**Data for the task**
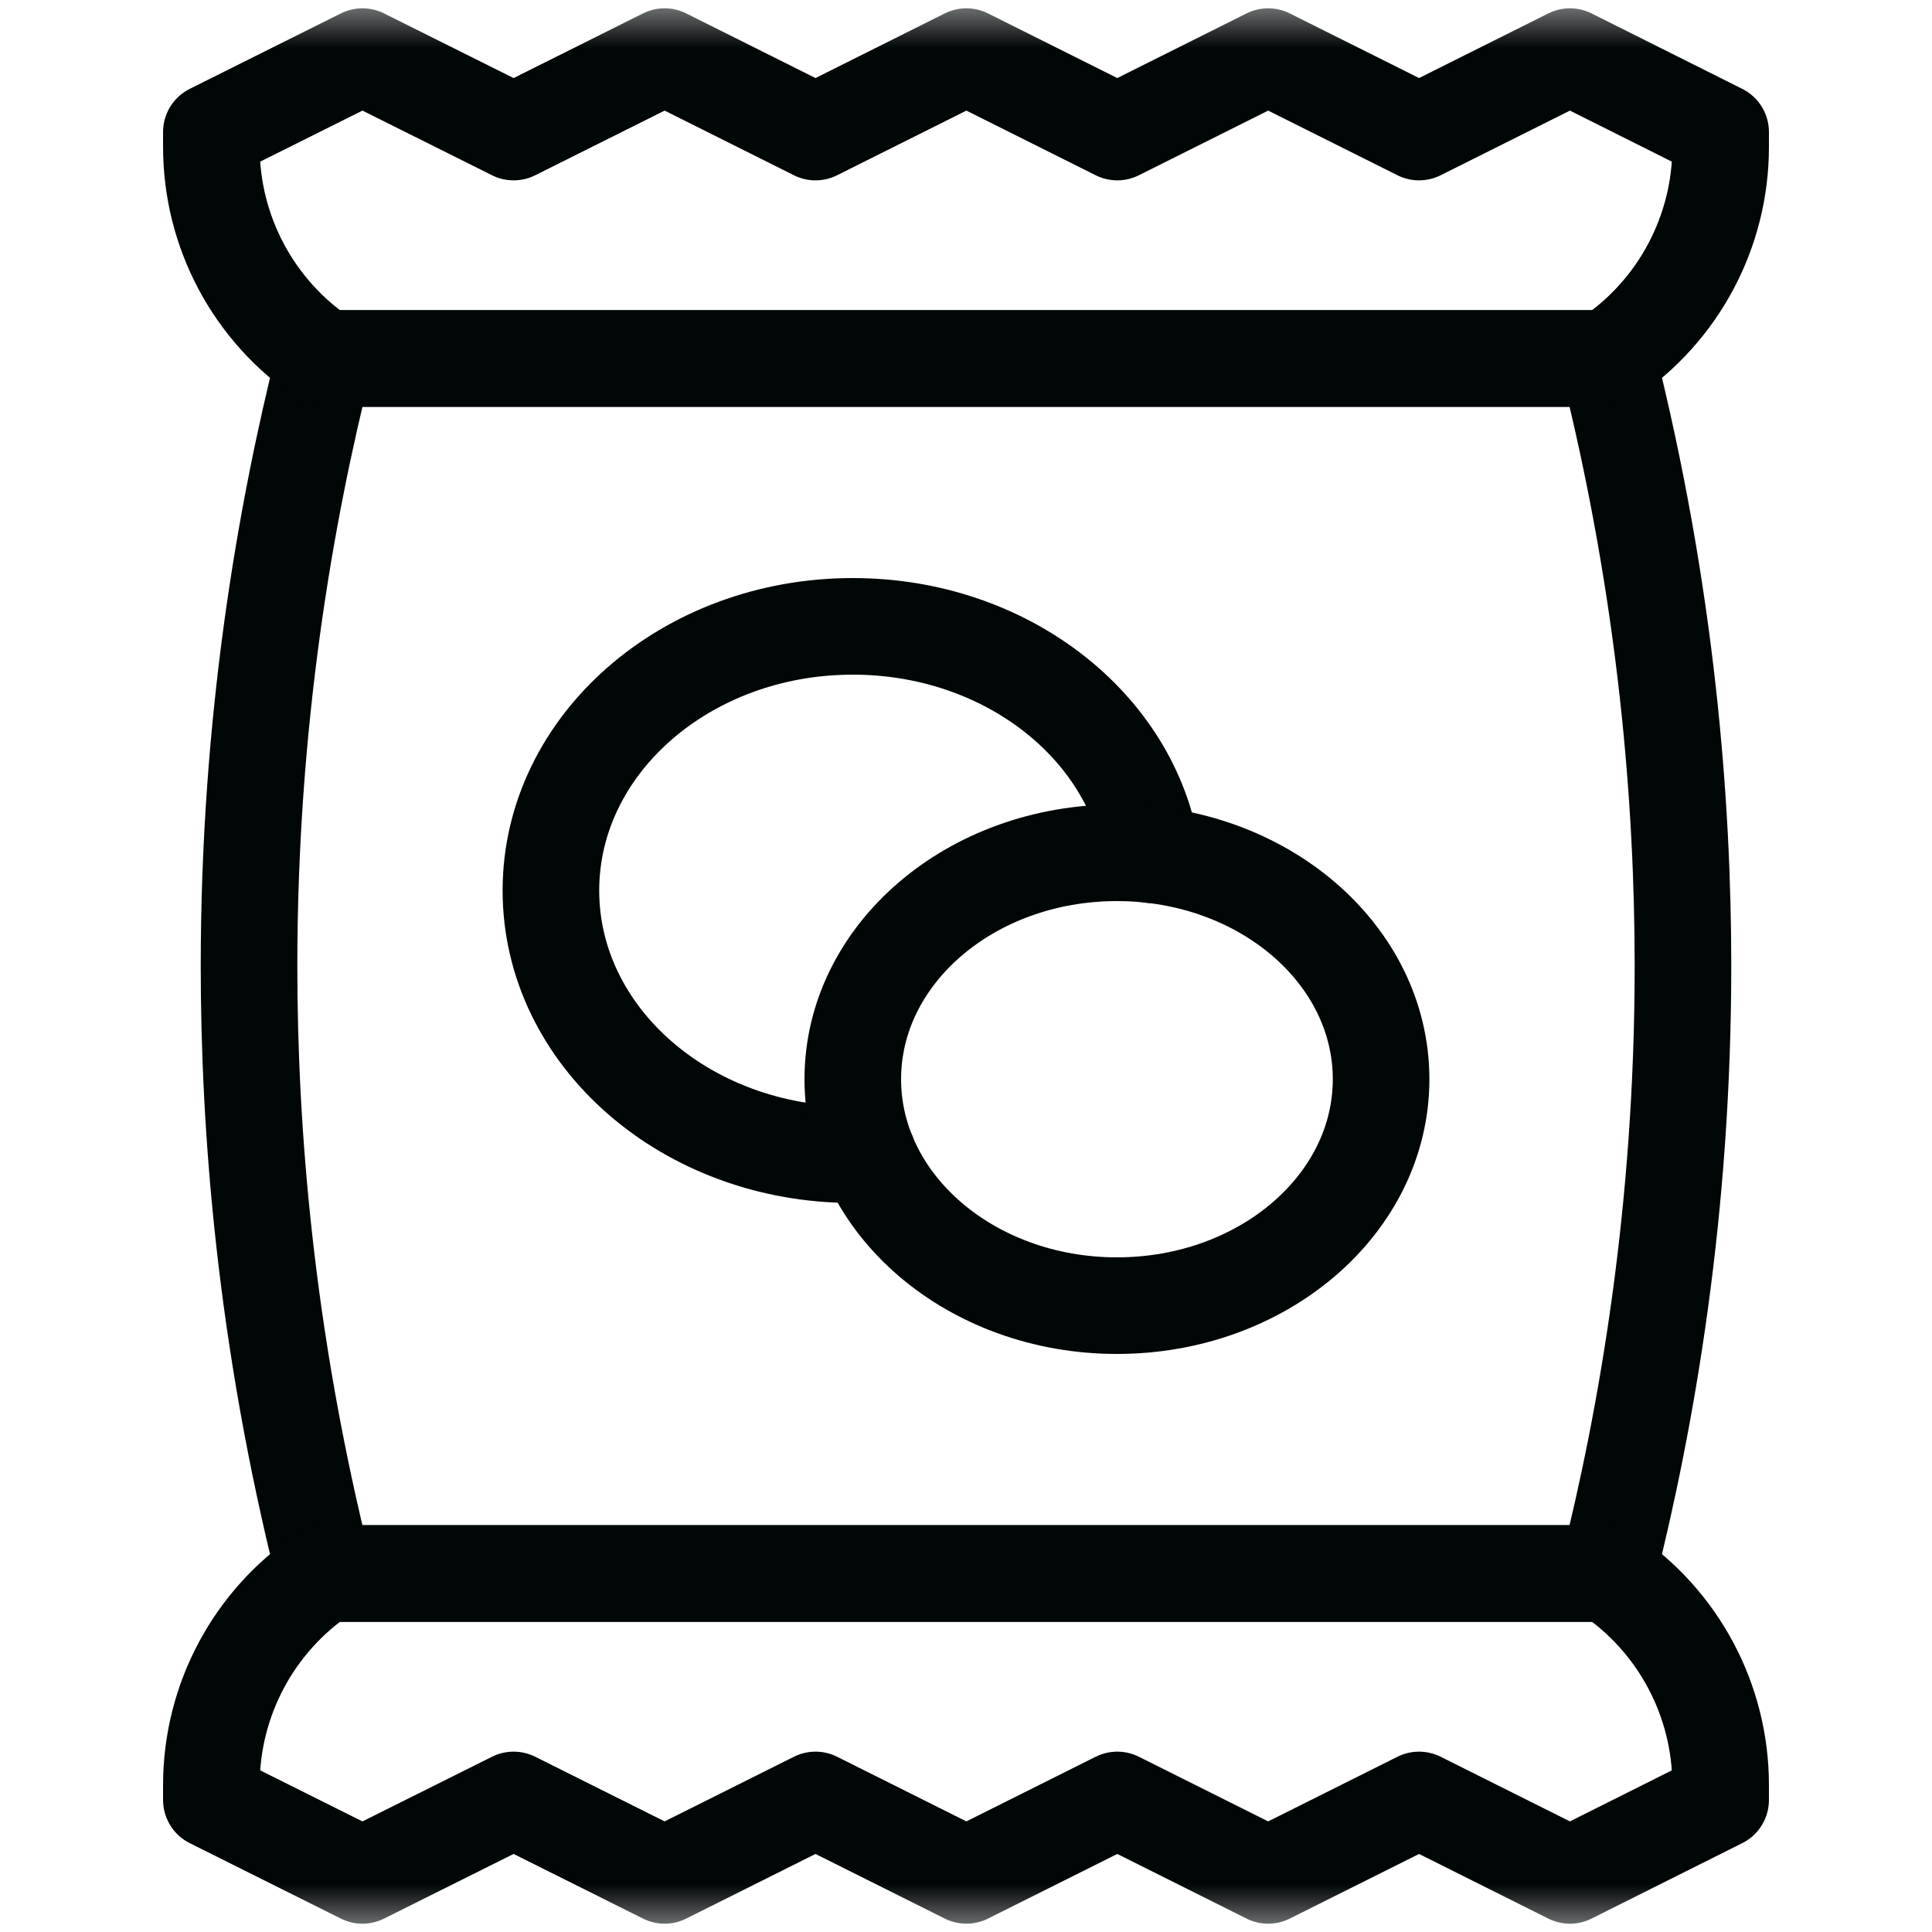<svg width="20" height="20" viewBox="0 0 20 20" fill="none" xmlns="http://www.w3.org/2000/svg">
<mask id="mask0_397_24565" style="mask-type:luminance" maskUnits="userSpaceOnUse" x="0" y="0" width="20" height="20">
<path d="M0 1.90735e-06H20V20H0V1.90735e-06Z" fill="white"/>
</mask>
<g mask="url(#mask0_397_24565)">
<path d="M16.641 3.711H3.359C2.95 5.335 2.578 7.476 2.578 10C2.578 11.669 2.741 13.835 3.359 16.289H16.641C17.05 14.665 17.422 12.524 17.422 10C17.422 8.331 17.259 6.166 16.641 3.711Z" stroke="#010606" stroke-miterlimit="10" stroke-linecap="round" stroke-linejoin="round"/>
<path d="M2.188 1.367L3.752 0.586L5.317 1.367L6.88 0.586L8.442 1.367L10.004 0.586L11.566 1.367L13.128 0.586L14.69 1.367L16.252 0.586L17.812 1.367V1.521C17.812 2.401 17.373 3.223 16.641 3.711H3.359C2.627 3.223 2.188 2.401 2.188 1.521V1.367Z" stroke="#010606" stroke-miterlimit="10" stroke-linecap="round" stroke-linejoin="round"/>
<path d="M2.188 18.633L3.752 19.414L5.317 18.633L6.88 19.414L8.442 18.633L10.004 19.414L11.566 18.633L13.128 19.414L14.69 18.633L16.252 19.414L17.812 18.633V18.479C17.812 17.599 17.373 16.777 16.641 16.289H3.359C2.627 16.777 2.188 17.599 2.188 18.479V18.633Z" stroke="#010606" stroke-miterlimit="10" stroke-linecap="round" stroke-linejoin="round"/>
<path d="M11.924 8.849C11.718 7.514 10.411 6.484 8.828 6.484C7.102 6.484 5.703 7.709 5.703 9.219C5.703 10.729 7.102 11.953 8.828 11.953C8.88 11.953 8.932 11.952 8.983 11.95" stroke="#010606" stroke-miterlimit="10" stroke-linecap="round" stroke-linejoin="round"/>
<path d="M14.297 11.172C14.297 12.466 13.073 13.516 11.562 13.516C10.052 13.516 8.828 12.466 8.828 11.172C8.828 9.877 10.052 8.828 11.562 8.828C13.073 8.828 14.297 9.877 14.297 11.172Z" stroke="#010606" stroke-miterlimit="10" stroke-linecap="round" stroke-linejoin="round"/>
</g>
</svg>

**Description of the task**
Reproduce the material above in full and without alteration, but skip all pictures.

**Written response**
<svg width="20" height="20" viewBox="0 0 20 20" fill="none" xmlns="http://www.w3.org/2000/svg">
<mask id="mask0_397_24565" style="mask-type:luminance" maskUnits="userSpaceOnUse" x="0" y="0" width="20" height="20">
<path d="M0 1.90735e-06H20V20H0V1.90735e-06Z" fill="white"/>
</mask>
<g mask="url(#mask0_397_24565)">
<path d="M16.641 3.711H3.359C2.95 5.335 2.578 7.476 2.578 10C2.578 11.669 2.741 13.835 3.359 16.289H16.641C17.05 14.665 17.422 12.524 17.422 10C17.422 8.331 17.259 6.166 16.641 3.711Z" stroke="#010606" stroke-miterlimit="10" stroke-linecap="round" stroke-linejoin="round"/>
<path d="M2.188 1.367L3.752 0.586L5.317 1.367L6.88 0.586L8.442 1.367L10.004 0.586L11.566 1.367L13.128 0.586L14.69 1.367L16.252 0.586L17.812 1.367V1.521C17.812 2.401 17.373 3.223 16.641 3.711H3.359C2.627 3.223 2.188 2.401 2.188 1.521V1.367Z" stroke="#010606" stroke-miterlimit="10" stroke-linecap="round" stroke-linejoin="round"/>
<path d="M2.188 18.633L3.752 19.414L5.317 18.633L6.88 19.414L8.442 18.633L10.004 19.414L11.566 18.633L13.128 19.414L14.69 18.633L16.252 19.414L17.812 18.633V18.479C17.812 17.599 17.373 16.777 16.641 16.289H3.359C2.627 16.777 2.188 17.599 2.188 18.479V18.633Z" stroke="#010606" stroke-miterlimit="10" stroke-linecap="round" stroke-linejoin="round"/>
<path d="M11.924 8.849C11.718 7.514 10.411 6.484 8.828 6.484C7.102 6.484 5.703 7.709 5.703 9.219C5.703 10.729 7.102 11.953 8.828 11.953C8.88 11.953 8.932 11.952 8.983 11.95" stroke="#010606" stroke-miterlimit="10" stroke-linecap="round" stroke-linejoin="round"/>
<path d="M14.297 11.172C14.297 12.466 13.073 13.516 11.562 13.516C10.052 13.516 8.828 12.466 8.828 11.172C8.828 9.877 10.052 8.828 11.562 8.828C13.073 8.828 14.297 9.877 14.297 11.172Z" stroke="#010606" stroke-miterlimit="10" stroke-linecap="round" stroke-linejoin="round"/>
</g>
</svg>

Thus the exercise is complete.